[nSLUG] Used laptop hard drive with no boot sector

Daniel Morrison draker at gmail.com
Tue Apr 23 22:32:49 ADT 2013

(Strangely I have not received Frank's original message.)

I think the focus on boot sectors, syslinux, etc. is misplaced. The boot
sector is like any other sector, apart from the fact it comes first on the
disk. Likely the disk has been wiped. "No boot sector" is a perfectly
normal message in this situation (or for a brand new disk). Any OS install
will restore the boot sector. You can use syslinux, lilo, grub, 'fdisk
/mbr' (in DOS) or even dd from another disk, etc. but normally there is no
need as the installation procedure will handle it all for you.

The oddity here is that you could not boot the Ubuntu Live CD.

Check that the CDROM device is detected by the BIOS, and double-check that
it is first in the boot order. Check the CDROM drive has power (on a
laptop, probably, or you would not have been able to open it). Look for a
hotkey specified on the POST screen to trigger a boot device menu, so that
you can explicitly request the CD.

Test the Ubuntu boot CD on a different computer. If it works, my top
suspicions are: 1) BIOS bug or user error causes the system not to really
try the CD, or 2) CDROM drive is broken (e.g. laser burnt out). It is
possible that this particular CD is not compatible with the laptop (CD/RW
can't be read in old CDROM drive? Using a DVD-R by mistake?)

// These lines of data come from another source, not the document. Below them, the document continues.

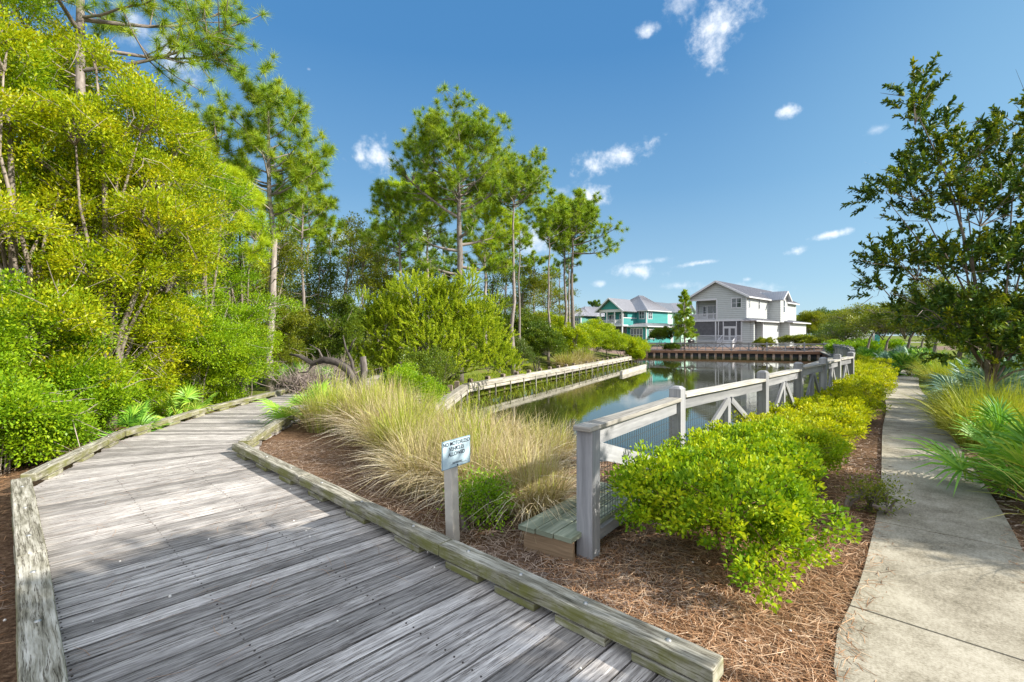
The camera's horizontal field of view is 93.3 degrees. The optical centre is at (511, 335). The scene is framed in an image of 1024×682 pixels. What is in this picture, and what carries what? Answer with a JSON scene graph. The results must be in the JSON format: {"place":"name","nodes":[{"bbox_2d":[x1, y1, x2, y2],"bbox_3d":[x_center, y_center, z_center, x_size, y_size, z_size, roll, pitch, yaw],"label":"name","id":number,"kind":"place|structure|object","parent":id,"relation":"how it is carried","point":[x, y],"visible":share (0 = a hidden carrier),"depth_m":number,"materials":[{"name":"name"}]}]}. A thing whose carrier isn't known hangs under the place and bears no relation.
{"place":"outdoors","nodes":[
{"label":"outdoors","id":0,"kind":"place"},
{"bbox_2d":[0,336,1023,681],"bbox_3d":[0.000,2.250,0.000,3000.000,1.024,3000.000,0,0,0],"label":"ground","id":1,"kind":"structure","parent":0,"point":[300,434],"depth_m":4.42,"materials":[{"name":"soil"}]},
{"bbox_2d":[0,379,96,470],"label":"bush","id":2,"kind":"object","parent":1,"relation":"on","point":[12,442],"visible":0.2,"depth_m":6.51,"materials":[{"name":"green plant"}]},
{"bbox_2d":[0,267,100,412],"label":"bush","id":3,"kind":"object","parent":1,"relation":"on","point":[10,349],"visible":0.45,"depth_m":7.66,"materials":[{"name":"green plant"}]},
{"bbox_2d":[0,0,120,296],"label":"broadleaf tree","id":4,"kind":"object","parent":1,"relation":"on","point":[43,11],"visible":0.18,"depth_m":9.55,"materials":[{"name":"green plant"}]},
{"bbox_2d":[0,366,129,474],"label":"bush","id":5,"kind":"object","parent":1,"relation":"on","point":[23,401],"visible":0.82,"depth_m":6.60,"materials":[{"name":"green plant"}]},
{"bbox_2d":[0,0,137,354],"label":"broadleaf tree","id":6,"kind":"object","parent":1,"relation":"on","point":[47,34],"visible":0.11,"depth_m":10.83,"materials":[{"name":"green plant"}]},
{"bbox_2d":[16,316,148,442],"bbox_3d":[-8.047,0.743,8.952,2.222,2.813,2.715,0,0,-12],"label":"bush","id":7,"kind":"object","parent":1,"relation":"on","point":[79,338],"visible":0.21,"depth_m":8.79,"materials":[{"name":"green plant"}]},
{"bbox_2d":[0,0,191,402],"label":"broadleaf tree","id":8,"kind":"object","parent":1,"relation":"on","point":[13,216],"visible":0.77,"depth_m":8.60,"materials":[{"name":"green plant"}]},
{"bbox_2d":[39,357,156,442],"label":"bush","id":9,"kind":"object","parent":1,"relation":"on","point":[108,406],"visible":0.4,"depth_m":8.39,"materials":[{"name":"green plant"}]},
{"bbox_2d":[54,281,175,427],"bbox_3d":[-8.139,0.517,9.969,2.259,3.283,2.522,0,0,-34],"label":"bush","id":10,"kind":"object","parent":1,"relation":"on","point":[158,409],"visible":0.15,"depth_m":10.14,"materials":[{"name":"green plant"}]},
{"bbox_2d":[0,22,234,429],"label":"broadleaf tree","id":11,"kind":"object","parent":1,"relation":"on","point":[139,95],"visible":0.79,"depth_m":9.58,"materials":[{"name":"green plant"}]},
{"bbox_2d":[92,397,169,440],"bbox_3d":[-6.668,1.545,8.630,1.064,0.885,1.277,0,0,0],"label":"palmetto","id":12,"kind":"object","parent":1,"relation":"on","point":[138,412],"visible":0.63,"depth_m":8.41,"materials":[{"name":"green plant"}]},
{"bbox_2d":[30,0,270,314],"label":"pine tree","id":13,"kind":"object","parent":1,"relation":"on","point":[106,22],"visible":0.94,"depth_m":10.78,"materials":[{"name":"green plant"}]},
{"bbox_2d":[57,72,251,413],"bbox_3d":[-8.500,-1.943,11.039,3.988,8.226,4.047,0,0,40],"label":"broadleaf tree","id":14,"kind":"object","parent":1,"relation":"on","point":[196,160],"visible":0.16,"depth_m":10.84,"materials":[{"name":"green plant"}]},
{"bbox_2d":[139,298,218,412],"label":"bush","id":15,"kind":"object","parent":1,"relation":"on","point":[183,366],"visible":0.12,"depth_m":11.71,"materials":[{"name":"green plant"}]},
{"bbox_2d":[152,383,217,421],"bbox_3d":[-7.168,1.444,10.354,1.832,0.925,1.339,0,0,0],"label":"palmetto","id":16,"kind":"object","parent":1,"relation":"on","point":[185,396],"visible":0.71,"depth_m":10.17,"materials":[{"name":"green plant"}]},
{"bbox_2d":[130,133,282,405],"bbox_3d":[-8.334,-1.608,12.701,4.034,7.532,3.578,0,0,0],"label":"broadleaf tree","id":17,"kind":"object","parent":1,"relation":"on","point":[238,309],"visible":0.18,"depth_m":13.00,"materials":[{"name":"green plant"}]},
{"bbox_2d":[162,287,266,412],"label":"bush","id":18,"kind":"object","parent":1,"relation":"on","point":[211,337],"visible":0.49,"depth_m":11.88,"materials":[{"name":"green plant"}]},
{"bbox_2d":[173,76,258,387],"bbox_3d":[-10.907,-3.246,17.513,3.352,10.878,3.300,0,0,-41],"label":"pine tree","id":19,"kind":"object","parent":1,"relation":"on","point":[212,118],"visible":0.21,"depth_m":16.99,"materials":[{"name":"green plant"}]},
{"bbox_2d":[174,160,283,384],"bbox_3d":[-8.568,-1.657,14.468,3.033,7.695,2.971,0,0,-34],"label":"broadleaf tree","id":20,"kind":"object","parent":1,"relation":"on","point":[261,244],"visible":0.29,"depth_m":14.47,"materials":[{"name":"green plant"}]},
{"bbox_2d":[196,301,287,403],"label":"bush","id":21,"kind":"object","parent":1,"relation":"on","point":[224,394],"visible":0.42,"depth_m":13.13,"materials":[{"name":"green plant"}]},
{"bbox_2d":[191,190,308,394],"bbox_3d":[-8.727,-1.357,15.207,4.321,7.085,4.410,0,0,0],"label":"broadleaf tree","id":22,"kind":"object","parent":1,"relation":"on","point":[237,278],"visible":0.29,"depth_m":15.01,"materials":[{"name":"green plant"}]},
{"bbox_2d":[195,215,323,363],"bbox_3d":[-10.488,-1.422,20.099,5.093,7.240,5.724,0,0,-34],"label":"broadleaf tree","id":23,"kind":"object","parent":1,"relation":"on","point":[297,264],"visible":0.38,"depth_m":20.36,"materials":[{"name":"green plant"}]},
{"bbox_2d":[208,50,339,391],"bbox_3d":[-8.047,-3.479,16.371,4.268,11.356,3.929,0,0,0],"label":"pine tree","id":24,"kind":"object","parent":1,"relation":"on","point":[299,169],"visible":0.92,"depth_m":16.16,"materials":[{"name":"green plant"}]},
{"bbox_2d":[260,309,313,387],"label":"bush","id":25,"kind":"object","parent":1,"relation":"on","point":[284,356],"visible":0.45,"depth_m":17.47,"materials":[{"name":"green plant"}]},
{"bbox_2d":[253,379,339,426],"bbox_3d":[-4.131,1.319,9.470,1.759,0.980,1.710,0,0,-24],"label":"palmetto","id":26,"kind":"object","parent":1,"relation":"on","point":[283,413],"visible":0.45,"depth_m":9.25,"materials":[{"name":"green plant"}]},
{"bbox_2d":[258,352,348,394],"bbox_3d":[-6.151,1.439,14.462,2.836,1.923,2.394,0,0,-34],"label":"brush pile","id":27,"kind":"object","parent":1,"relation":"on","point":[304,379],"visible":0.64,"depth_m":14.26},
{"bbox_2d":[266,151,341,337],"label":"pine tree","id":28,"kind":"object","parent":1,"relation":"on","point":[324,202],"visible":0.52,"depth_m":23.00,"materials":[{"name":"green plant"}]},
{"bbox_2d":[278,187,337,310],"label":"pine tree","id":29,"kind":"object","parent":1,"relation":"on","point":[331,221],"visible":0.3,"depth_m":30.16,"materials":[{"name":"green plant"}]},
{"bbox_2d":[265,376,366,433],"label":"grass clump","id":30,"kind":"object","parent":1,"relation":"on","point":[314,412],"visible":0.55,"depth_m":8.70,"materials":[{"name":"plant"}]},
{"bbox_2d":[277,247,360,355],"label":"broadleaf tree","id":31,"kind":"object","parent":1,"relation":"on","point":[323,278],"visible":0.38,"depth_m":27.67,"materials":[{"name":"green plant"}]},
{"bbox_2d":[289,335,367,391],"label":"dead tree","id":32,"kind":"object","parent":1,"relation":"on","point":[339,363],"visible":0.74,"depth_m":12.88,"materials":[{"name":"grey wood"}]},
{"bbox_2d":[292,293,378,378],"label":"bush","id":33,"kind":"object","parent":1,"relation":"on","point":[349,324],"visible":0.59,"depth_m":19.26,"materials":[{"name":"green plant"}]},
{"bbox_2d":[279,210,402,346],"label":"broadleaf tree","id":34,"kind":"object","parent":1,"relation":"on","point":[349,263],"visible":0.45,"depth_m":29.82,"materials":[{"name":"green plant"}]},
{"bbox_2d":[300,379,399,437],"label":"grass clump","id":35,"kind":"object","parent":1,"relation":"on","point":[351,414],"visible":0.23,"depth_m":8.25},
{"bbox_2d":[10,366,722,681],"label":"boardwalk","id":36,"kind":"structure","parent":1,"relation":"on","point":[461,612],"depth_m":3.20,"materials":[{"name":"grey wood"}]},
{"bbox_2d":[0,439,736,617],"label":"straw","id":37,"kind":"object","parent":1,"relation":"on","point":[534,552],"visible":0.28,"depth_m":3.82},
{"bbox_2d":[336,228,413,352],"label":"broadleaf tree","id":38,"kind":"object","parent":1,"relation":"on","point":[393,265],"visible":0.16,"depth_m":32.34,"materials":[{"name":"green plant"}]},
{"bbox_2d":[310,385,451,449],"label":"grass clump","id":39,"kind":"object","parent":1,"relation":"on","point":[362,417],"visible":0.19,"depth_m":7.42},
{"bbox_2d":[339,392,452,466],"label":"grass clump","id":40,"kind":"object","parent":1,"relation":"on","point":[376,431],"visible":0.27,"depth_m":6.51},
{"bbox_2d":[361,177,442,366],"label":"pine tree","id":41,"kind":"object","parent":1,"relation":"on","point":[387,195],"visible":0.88,"depth_m":25.73,"materials":[{"name":"green plant"}]},
{"bbox_2d":[375,362,428,403],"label":"bush","id":42,"kind":"object","parent":1,"relation":"on","point":[404,368],"visible":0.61,"depth_m":11.74,"materials":[{"name":"green plant"}]},
{"bbox_2d":[354,366,453,445],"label":"grass shoots","id":43,"kind":"object","parent":1,"relation":"on","point":[412,413],"depth_m":6.53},
{"bbox_2d":[355,376,468,425],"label":"grass clump","id":44,"kind":"object","parent":1,"relation":"on","point":[422,402],"visible":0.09,"depth_m":8.04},
{"bbox_2d":[340,400,494,480],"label":"grass clump","id":45,"kind":"object","parent":1,"relation":"on","point":[416,437],"visible":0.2,"depth_m":6.08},
{"bbox_2d":[335,408,514,510],"bbox_3d":[-0.916,1.264,5.524,2.352,1.015,2.264,0,0,0],"label":"grass clump","id":46,"kind":"object","parent":1,"relation":"on","point":[406,469],"visible":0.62,"depth_m":5.29,"materials":[{"name":"plant"}]},
{"bbox_2d":[381,172,468,350],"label":"pine tree","id":47,"kind":"object","parent":1,"relation":"on","point":[442,216],"visible":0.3,"depth_m":29.70,"materials":[{"name":"green plant"}]},
{"bbox_2d":[396,344,465,403],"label":"bush","id":48,"kind":"object","parent":1,"relation":"on","point":[435,362],"visible":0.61,"depth_m":17.73,"materials":[{"name":"green plant"}]},
{"bbox_2d":[341,263,529,384],"bbox_3d":[-3.600,-0.319,22.277,8.925,5.848,5.916,0,0,0],"label":"willow bush","id":49,"kind":"object","parent":1,"relation":"on","point":[436,295],"visible":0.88,"depth_m":21.39,"materials":[{"name":"green plant"}]},
{"bbox_2d":[421,232,464,336],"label":"pine tree","id":50,"kind":"object","parent":1,"relation":"on","point":[445,241],"visible":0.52,"depth_m":39.57,"materials":[{"name":"green plant"}]},
{"bbox_2d":[442,435,469,541],"bbox_3d":[-0.499,1.407,4.062,0.100,1.089,0.355,0,0,34],"label":"warning sign","id":51,"kind":"object","parent":1,"relation":"on","point":[455,453],"visible":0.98,"depth_m":4.03,"materials":[{"name":"paint"}]},
{"bbox_2d":[388,80,524,382],"bbox_3d":[-2.775,-4.707,24.427,6.635,14.725,6.496,0,0,-31],"label":"pine tree","id":52,"kind":"object","parent":1,"relation":"on","point":[463,131],"visible":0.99,"depth_m":23.96,"materials":[{"name":"green plant"}]},
{"bbox_2d":[386,402,535,477],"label":"grass clump","id":53,"kind":"object","parent":1,"relation":"on","point":[467,431],"visible":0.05,"depth_m":6.00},
{"bbox_2d":[422,390,514,438],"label":"grass clump","id":54,"kind":"object","parent":1,"relation":"on","point":[454,414],"visible":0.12,"depth_m":7.42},
{"bbox_2d":[366,414,574,530],"bbox_3d":[-0.347,1.259,4.984,2.375,1.025,2.386,0,0,0],"label":"grass clump","id":55,"kind":"object","parent":1,"relation":"on","point":[482,460],"visible":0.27,"depth_m":4.92,"materials":[{"name":"plant"}]},
{"bbox_2d":[426,384,532,458],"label":"grass shoots","id":56,"kind":"object","parent":1,"relation":"on","point":[478,426],"depth_m":5.83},
{"bbox_2d":[436,460,523,535],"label":"shrub","id":57,"kind":"object","parent":1,"relation":"on","point":[488,492],"visible":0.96,"depth_m":4.30,"materials":[{"name":"green plant"}]},
{"bbox_2d":[452,186,524,342],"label":"pine tree","id":58,"kind":"object","parent":1,"relation":"on","point":[487,218],"visible":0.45,"depth_m":31.43,"materials":[{"name":"green plant"}]},
{"bbox_2d":[462,231,529,352],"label":"broadleaf tree","id":59,"kind":"object","parent":1,"relation":"on","point":[496,282],"visible":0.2,"depth_m":35.74,"materials":[{"name":"green plant"}]},
{"bbox_2d":[452,399,548,447],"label":"grass clump","id":60,"kind":"object","parent":1,"relation":"on","point":[507,423],"visible":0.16,"depth_m":7.02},
{"bbox_2d":[425,409,609,486],"bbox_3d":[0.031,1.284,5.581,2.177,0.974,2.244,0,0,0],"label":"grass clump","id":61,"kind":"object","parent":1,"relation":"on","point":[515,447],"visible":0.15,"depth_m":5.49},
{"bbox_2d":[479,138,556,374],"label":"pine tree","id":62,"kind":"object","parent":1,"relation":"on","point":[527,177],"visible":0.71,"depth_m":28.60,"materials":[{"name":"green plant"}]},
{"bbox_2d":[420,429,616,542],"bbox_3d":[0.208,1.302,4.720,2.156,0.938,2.180,0,0,0],"label":"grass clump","id":63,"kind":"object","parent":1,"relation":"on","point":[548,496],"visible":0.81,"depth_m":4.55,"materials":[{"name":"plant"}]},
{"bbox_2d":[492,305,549,341],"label":"bush","id":64,"kind":"object","parent":1,"relation":"on","point":[525,320],"visible":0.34,"depth_m":34.54,"materials":[{"name":"green plant"}]},
{"bbox_2d":[506,222,539,370],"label":"pine tree","id":65,"kind":"object","parent":1,"relation":"on","point":[523,241],"visible":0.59,"depth_m":31.46,"materials":[{"name":"green plant"}]},
{"bbox_2d":[418,355,633,412],"bbox_3d":[3.916,2.680,32.252,3.038,1.540,40.333,0,0,22],"label":"bulkhead","id":66,"kind":"object","parent":1,"relation":"on","point":[502,380],"visible":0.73,"depth_m":25.75,"materials":[{"name":"brown wood"}]},
{"bbox_2d":[501,253,553,323],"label":"broadleaf tree","id":67,"kind":"object","parent":1,"relation":"on","point":[533,282],"visible":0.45,"depth_m":39.64,"materials":[{"name":"green plant"}]},
{"bbox_2d":[437,355,646,420],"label":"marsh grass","id":68,"kind":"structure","parent":1,"relation":"on","point":[493,388],"depth_m":25.86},
{"bbox_2d":[516,319,568,371],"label":"bush","id":69,"kind":"object","parent":1,"relation":"on","point":[540,339],"visible":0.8,"depth_m":32.03,"materials":[{"name":"green plant"}]},
{"bbox_2d":[491,406,601,466],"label":"grass clump","id":70,"kind":"object","parent":1,"relation":"on","point":[561,434],"visible":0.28,"depth_m":6.49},
{"bbox_2d":[518,192,580,366],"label":"pine tree","id":71,"kind":"object","parent":1,"relation":"on","point":[556,212],"visible":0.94,"depth_m":35.47,"materials":[{"name":"green plant"}]},
{"bbox_2d":[524,269,584,321],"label":"broadleaf tree","id":72,"kind":"object","parent":1,"relation":"on","point":[543,303],"visible":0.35,"depth_m":46.29,"materials":[{"name":"green plant"}]},
{"bbox_2d":[545,226,589,352],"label":"pine tree","id":73,"kind":"object","parent":1,"relation":"on","point":[556,247],"visible":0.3,"depth_m":38.88,"materials":[{"name":"green plant"}]},
{"bbox_2d":[546,322,595,356],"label":"bush","id":74,"kind":"object","parent":1,"relation":"on","point":[578,336],"visible":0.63,"depth_m":36.60,"materials":[{"name":"green plant"}]},
{"bbox_2d":[518,482,636,561],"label":"wooden platform","id":75,"kind":"structure","parent":1,"relation":"on","point":[560,537],"depth_m":3.89,"materials":[{"name":"grey wood"}]},
{"bbox_2d":[545,186,629,351],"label":"pine tree","id":76,"kind":"object","parent":1,"relation":"on","point":[588,210],"visible":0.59,"depth_m":37.34,"materials":[{"name":"green plant"}]},
{"bbox_2d":[584,326,630,359],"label":"bush","id":77,"kind":"object","parent":1,"relation":"on","point":[619,339],"visible":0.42,"depth_m":45.95,"materials":[{"name":"green plant"}]},
{"bbox_2d":[594,295,695,342],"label":"house","id":78,"kind":"structure","parent":1,"relation":"on","point":[642,317],"depth_m":110.41,"materials":[{"name":"teal"}]},
{"bbox_2d":[670,289,698,348],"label":"pine tree","id":79,"kind":"object","parent":1,"relation":"on","point":[684,314],"visible":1,"depth_m":69.30,"materials":[{"name":"green plant"}]},
{"bbox_2d":[573,352,853,561],"bbox_3d":[4.768,1.224,8.465,0.369,1.553,12.742,0,0,43],"label":"pond fence","id":80,"kind":"object","parent":1,"relation":"on","point":[593,450],"visible":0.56,"depth_m":5.01,"materials":[{"name":"grey wood"}]},
{"bbox_2d":[645,350,821,357],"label":"bulkhead","id":81,"kind":"object","parent":1,"relation":"on","point":[794,354],"visible":0.37,"depth_m":64.61,"materials":[{"name":"brown wood"}]},
{"bbox_2d":[602,433,868,613],"bbox_3d":[1.605,1.440,3.814,1.783,1.143,1.923,0,0,0],"label":"hedge shrub","id":82,"kind":"object","parent":1,"relation":"on","point":[676,500],"visible":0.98,"depth_m":3.45,"materials":[{"name":"green plant"}]},
{"bbox_2d":[649,342,822,351],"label":"pond fence","id":83,"kind":"object","parent":1,"relation":"on","point":[748,343],"visible":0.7,"depth_m":65.57,"materials":[{"name":"brown wood"}]},
{"bbox_2d":[663,421,827,501],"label":"hedge shrub","id":84,"kind":"object","parent":1,"relation":"on","point":[782,445],"visible":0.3,"depth_m":4.76,"materials":[{"name":"green plant"}]},
{"bbox_2d":[688,280,810,346],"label":"house","id":85,"kind":"structure","parent":1,"relation":"on","point":[726,312],"depth_m":77.88,"materials":[{"name":"grey"}]},
{"bbox_2d":[693,413,855,474],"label":"hedge shrub","id":86,"kind":"object","parent":1,"relation":"on","point":[819,436],"visible":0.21,"depth_m":5.41,"materials":[{"name":"green plant"}]},
{"bbox_2d":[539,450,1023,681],"bbox_3d":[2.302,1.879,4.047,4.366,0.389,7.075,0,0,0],"label":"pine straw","id":87,"kind":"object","parent":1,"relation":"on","point":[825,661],"visible":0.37,"depth_m":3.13,"materials":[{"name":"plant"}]},
{"bbox_2d":[731,410,858,450],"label":"hedge shrub","id":88,"kind":"object","parent":1,"relation":"on","point":[835,428],"visible":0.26,"depth_m":6.44,"materials":[{"name":"green plant"}]},
{"bbox_2d":[752,401,871,441],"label":"hedge shrub","id":89,"kind":"object","parent":1,"relation":"on","point":[846,414],"visible":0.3,"depth_m":7.37,"materials":[{"name":"green plant"}]},
{"bbox_2d":[778,393,877,424],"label":"hedge shrub","id":90,"kind":"object","parent":1,"relation":"on","point":[855,404],"visible":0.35,"depth_m":8.49,"materials":[{"name":"green plant"}]},
{"bbox_2d":[813,320,875,342],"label":"tree","id":91,"kind":"object","parent":1,"relation":"on","point":[840,332],"visible":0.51,"depth_m":51.89,"materials":[{"name":"green plant"}]},
{"bbox_2d":[803,384,891,414],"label":"hedge shrub","id":92,"kind":"object","parent":1,"relation":"on","point":[875,404],"visible":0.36,"depth_m":9.56,"materials":[{"name":"green plant"}]},
{"bbox_2d":[814,377,891,403],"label":"hedge shrub","id":93,"kind":"object","parent":1,"relation":"on","point":[877,392],"visible":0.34,"depth_m":10.75,"materials":[{"name":"green plant"}]},
{"bbox_2d":[833,464,915,520],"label":"shrub","id":94,"kind":"object","parent":1,"relation":"on","point":[872,498],"visible":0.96,"depth_m":4.70,"materials":[{"name":"green plant"}]},
{"bbox_2d":[844,291,922,350],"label":"tree","id":95,"kind":"object","parent":1,"relation":"on","point":[879,321],"visible":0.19,"depth_m":30.97,"materials":[{"name":"green plant"}]},
{"bbox_2d":[885,351,929,376],"bbox_3d":[16.884,1.296,20.347,2.315,1.371,2.203,0,0,-3],"label":"palmetto","id":96,"kind":"object","parent":1,"relation":"on","point":[902,357],"visible":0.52,"depth_m":20.37,"materials":[{"name":"green plant"}]},
{"bbox_2d":[822,428,1023,550],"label":"mulch chips","id":97,"kind":"object","parent":1,"relation":"on","point":[877,471],"visible":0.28,"depth_m":5.98,"materials":[{"name":"brown wood"}]},
{"bbox_2d":[839,51,1023,393],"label":"oak tree","id":98,"kind":"object","parent":1,"relation":"on","point":[984,317],"visible":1,"depth_m":8.90,"materials":[{"name":"green plant"}]},
{"bbox_2d":[908,348,971,387],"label":"grass clump","id":99,"kind":"object","parent":1,"relation":"on","point":[940,369],"visible":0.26,"depth_m":15.60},
{"bbox_2d":[871,271,1009,352],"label":"tree","id":100,"kind":"object","parent":1,"relation":"on","point":[925,292],"visible":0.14,"depth_m":25.97,"materials":[{"name":"green plant"}]},
{"bbox_2d":[884,369,1023,430],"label":"grass clump","id":101,"kind":"object","parent":1,"relation":"on","point":[934,400],"visible":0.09,"depth_m":8.88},
{"bbox_2d":[890,399,1023,502],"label":"palmetto","id":102,"kind":"object","parent":1,"relation":"on","point":[1014,444],"visible":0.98,"depth_m":5.11,"materials":[{"name":"green plant"}]},
{"bbox_2d":[893,364,1023,431],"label":"grass clump","id":103,"kind":"object","parent":1,"relation":"on","point":[973,390],"visible":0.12,"depth_m":8.18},
{"bbox_2d":[896,378,1023,450],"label":"grass clump","id":104,"kind":"object","parent":1,"relation":"on","point":[959,410],"visible":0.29,"depth_m":7.53,"materials":[{"name":"plant"}]},
{"bbox_2d":[917,364,1023,412],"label":"palmetto","id":105,"kind":"object","parent":1,"relation":"on","point":[1005,372],"visible":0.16,"depth_m":9.83,"materials":[{"name":"green plant"}]},
{"bbox_2d":[948,392,1023,466],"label":"palmetto","id":106,"kind":"object","parent":1,"relation":"on","point":[988,417],"visible":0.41,"depth_m":6.25,"materials":[{"name":"green plant"}]},
{"bbox_2d":[5,0,1023,335],"label":"sky","id":107,"kind":"structure","parent":0,"point":[729,138],"materials":[{"name":"blue"}]},
{"bbox_2d":[453,355,818,461],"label":"water","id":108,"kind":"structure","parent":0,"point":[591,397],"depth_m":24.30,"materials":[{"name":"green liquid"}]},
{"bbox_2d":[834,358,1023,681],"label":"sidewalk","id":109,"kind":"structure","parent":0,"point":[949,606],"depth_m":3.37,"materials":[{"name":"concrete"}]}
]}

Try an external CD/DVD drive. Or try to boot from other devices, such as
usb, network, floppy, etc. -- whatever the laptop supports, and you have at

Once you get Linux booted, you can fdisk and mount, etc. to see what is on
the disk. However smartctl (e.g. smartctl -a /dev/hda | less) is needed to
show you if the disk needs replacing or not. The Ubuntu Live and/or rescue
CDs are hopeless in this respect... no useful tools at all. SystemRescueCD
is good. Using smartctl is the only way to be sure a disk is OK (e.g. if it
otherwise looks good, '-t long' to schedule a sector surface scan, then '-l
selftest' to show the results -- some hours later -- is always a good idea
with used disks).

If you suspect the disk is supposed to have a (Microsoft) OS on it, then
it's a whole other ball game trying to recover it. If you intend to
reinstall a Microsoft OS on it, make sure you have the product key (on a
sticker on the machine). If not, use magicaljellybean.com to extract the
existing key before you delete the old OS. Otherwise you're screwed by

Good luck,


On 2013-04-23 20:47, Jack Warkentin wrote:
> Hi Frank
> The syslinux GNU/Linux package contains a collection of boot loaders.
> If you already have a running system it can be used to replace the
> Master Boot Record (MBR) and install a boot loader on a hard drive.
> In your case, I would suggest downloading the image for, and
> creating, a System Rescue CD. See
> http://www.sysresccd.org/SystemRescueCd_Homepage
> and booting this to repair the damage.
> If you can't get the rescue CD to boot, I would suggest removing the
> hard drive from that laptop and installing it on another computer,
> then use syslinux, or, examine the contents of the drive to see if
> there is any useful information on it first.
> Regards
> Jack
> Frank Geitzler wrote:
>> I was given a used Dell laptop with a 40GB hard drive.  Unfortunately,
>> when I powered it on, I received the message "No boot sector on hard
>> disk -No bootable devices -strike F1 to retry boot, F2 for setup
>> utility".  I attempted to boot the system with a Ubuntu Live CD, but
>> received the same result -even after changing the Setup to specify
>> booting first from the CD/ROM.  Does this mean that the hard drive must
>> be replaced, or is there a way to replace the boot sector?  If it can be
>> replaced, can anyone tell me how?
>> Thanks,
>> Frank Geitzler

What is not surrounded by uncertainty cannot be truth.